__What you should do__. Pictures are not part of the copy; reproduce the remaining data exactly.

::: Task inputs :::

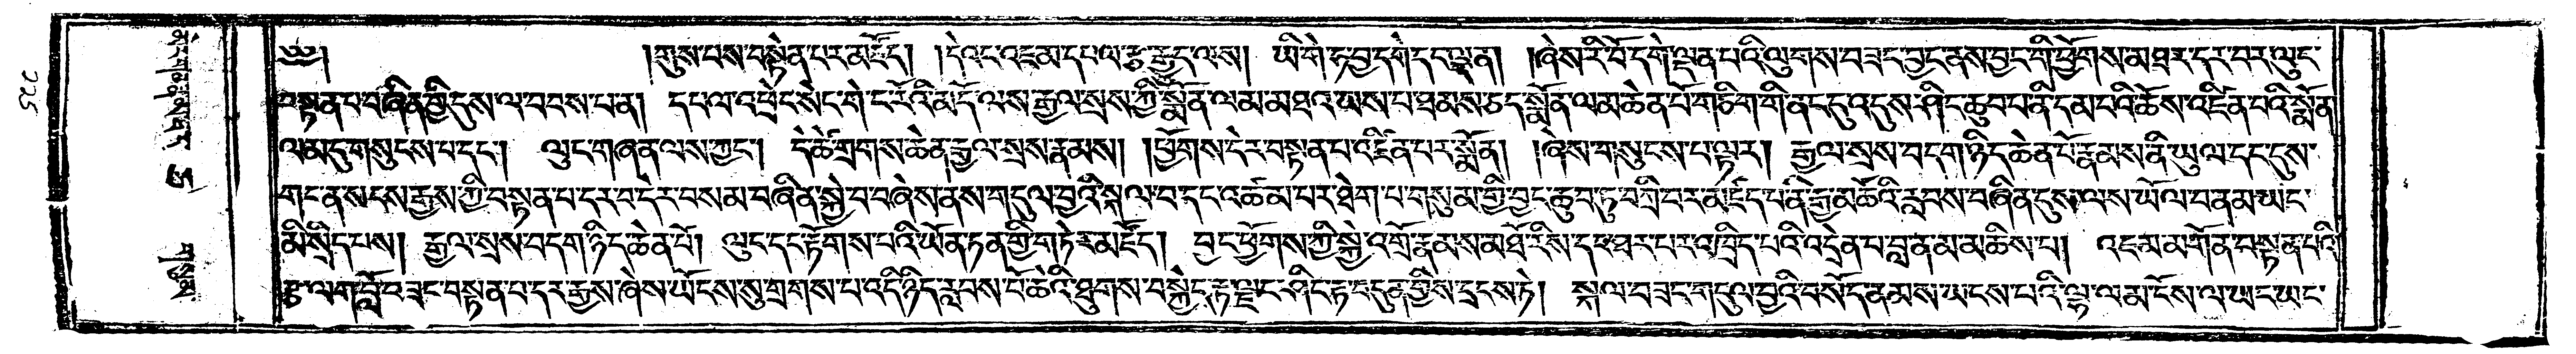༄༅། །གུས་པས་བསྟེན་པར་མཛོད། །དེའང་འཇམ་དཔལ་རྩ་རྒྱུད་ལས། ཡི་གེ་ཧ་བྱ་དགེ་དང་ལྡན། །ཞེས་རི་བོ་དགེ་ལྡན་པའི་ལུགས་བཟང་བྱང་ནས་བྱང་གི་ཕྱོགས་མཐར་དར་བར་ལུང་
བསྟན་པ་བཞིན་གྱི་དུས་ལ་བབས་པ་ན། དཔལ་འཕྲེང་སེང་གེ་ང་རོའི་མདོ་ལས་རྒྱལ་སྲས་ཀྱི་སྨོན་ལམ་མཐའ་ཡས་པ་ཐམས་ཅད་སྨོན་ལམ་ཆེན་པོ་གཅིག་གི་ནང་དུ་འདུས་ཤིང་ཆུབ་པ་ནི་དམ་པའི་ཆོས་འཛིན་པའི་སྨོན་
ལམ་དུ་གསུངས་པ་དང་། ལུང་གཞན་ལས་ཀྱང་། དེ་ཚེ་གྲགས་ཆེན་རྒྱལ་སྲས་རྣམས། །ཕྱོགས་དེར་བསྟན་པ་འཛིན་པར་སྨོན། །ཞེས་གསུངས་པ་ལྟར། རྒྱལ་སྲས་བདག་ཉིད་ཆེན་པོ་རྣམས་ནི་ཡུལ་དང་དུས་
གང་ན་སངས་རྒྱས་ཀྱི་བསྟན་པ་དར་བ་དེར་བསམ་བཞིན་སྐྱེ་བ་བཞེས་ནས་གདུལ་བྱའི་སྐལ་བ་དང་འཚལ་པར་ཐེག་པ་གསུམ་གྱི་བྱང་ཆུབ་ཏུ་བཀྲི་བར་མཛད་པ་ནི་རྒྱ་མཚོའི་རླབས་བཞིན་དུས་ལས་ཡོལ་བ་ནམ་ཡང་
མི་སྲིད་པས། རྒྱལ་སྲས་བདག་ཉིད་ཆེན་པོ། ལུང་དང་རྟོགས་པའི་ཡོན་ཏན་གྱི་གཏེར་མཛོད། བྱང་ཕྱོགས་ཀྱི་སྐྱེ་འགྲོ་རྣམས་མཐོ་རིས་དང་ཐར་པར་འཁྲིད་པའི་འདྲེན་པ་བླ་ན་མ་མཆིས་པ། འཇམ་མགོན་བསྟན་པའི་
རྩ་ལག་བློ་བཟང་བསྟན་པ་དར་རྒྱས་ཞེས་ཡོངས་སུ་གྲགས་པ་འདི་ཉིད་རླབས་པོ་ཆེའི་ཐུགས་བསྐྱེད་རྟ་ལྗང་ཤིང་རྟ་བདུན་གྱིས་དྲངས་ཏེ། སྐལ་བཟང་གདུལ་བྱའི་བསོད་ནམས་ཡངས་པའི་ལྷ་ལམ་རོས་ལ་ཡང་ཡང་

:::

__Answer to this problem__.
༄༅། །གུས་པས་བསྟེན་པར་མཛོད། །དེའང་འཇམ་དཔལ་རྩ་རྒྱུད་ལས། ཡི་གེ་ཧ་བྱ་དགེ་དང་ལྡན། །ཞེས་རི་བོ་དགེ་ལྡན་པའི་ལུགས་བཟང་བྱང་ནས་བྱང་གི་ཕྱོགས་མཐར་དར་བར་ལུང་
བསྟན་པ་བཞིན་གྱི་དུས་ལ་བབས་པ་ན། དཔལ་འཕྲེང་སེང་གེ་ང་རོའི་མདོ་ལས་རྒྱལ་སྲས་ཀྱི་སྨོན་ལམ་མཐའ་ཡས་པ་ཐམས་ཅད་སྨོན་ལམ་ཆེན་པོ་གཅིག་གི་ནང་དུ་འདུས་ཤིང་ཆུབ་པ་ནི་དམ་པའི་ཆོས་འཛིན་པའི་སྨོན་
ལམ་དུ་གསུངས་པ་དང་། ལུང་གཞན་ལས་ཀྱང་། དེ་ཚེ་གྲགས་ཆེན་རྒྱལ་སྲས་རྣམས། །ཕྱོགས་དེར་བསྟན་པ་འཛིན་པར་སྨོན། །ཞེས་གསུངས་པ་ལྟར། རྒྱལ་སྲས་བདག་ཉིད་ཆེན་པོ་རྣམས་ནི་ཡུལ་དང་དུས་
གང་ན་སངས་རྒྱས་ཀྱི་བསྟན་པ་དར་བ་དེར་བསམ་བཞིན་སྐྱེ་བ་བཞེས་ནས་གདུལ་བྱའི་སྐལ་བ་དང་འཚལ་པར་ཐེག་པ་གསུམ་གྱི་བྱང་ཆུབ་ཏུ་བཀྲི་བར་མཛད་པ་ནི་རྒྱ་མཚོའི་རླབས་བཞིན་དུས་ལས་ཡོལ་བ་ནམ་ཡང་
མི་སྲིད་པས། རྒྱལ་སྲས་བདག་ཉིད་ཆེན་པོ། ལུང་དང་རྟོགས་པའི་ཡོན་ཏན་གྱི་གཏེར་མཛོད། བྱང་ཕྱོགས་ཀྱི་སྐྱེ་འགྲོ་རྣམས་མཐོ་རིས་དང་ཐར་པར་འཁྲིད་པའི་འདྲེན་པ་བླ་ན་མ་མཆིས་པ། འཇམ་མགོན་བསྟན་པའི་
རྩ་ལག་བློ་བཟང་བསྟན་པ་དར་རྒྱས་ཞེས་ཡོངས་སུ་གྲགས་པ་འདི་ཉིད་རླབས་པོ་ཆེའི་ཐུགས་བསྐྱེད་རྟ་ལྗང་ཤིང་རྟ་བདུན་གྱིས་དྲངས་ཏེ། སྐལ་བཟང་གདུལ་བྱའི་བསོད་ནམས་ཡངས་པའི་ལྷ་ལམ་རོས་ལ་ཡང་ཡང་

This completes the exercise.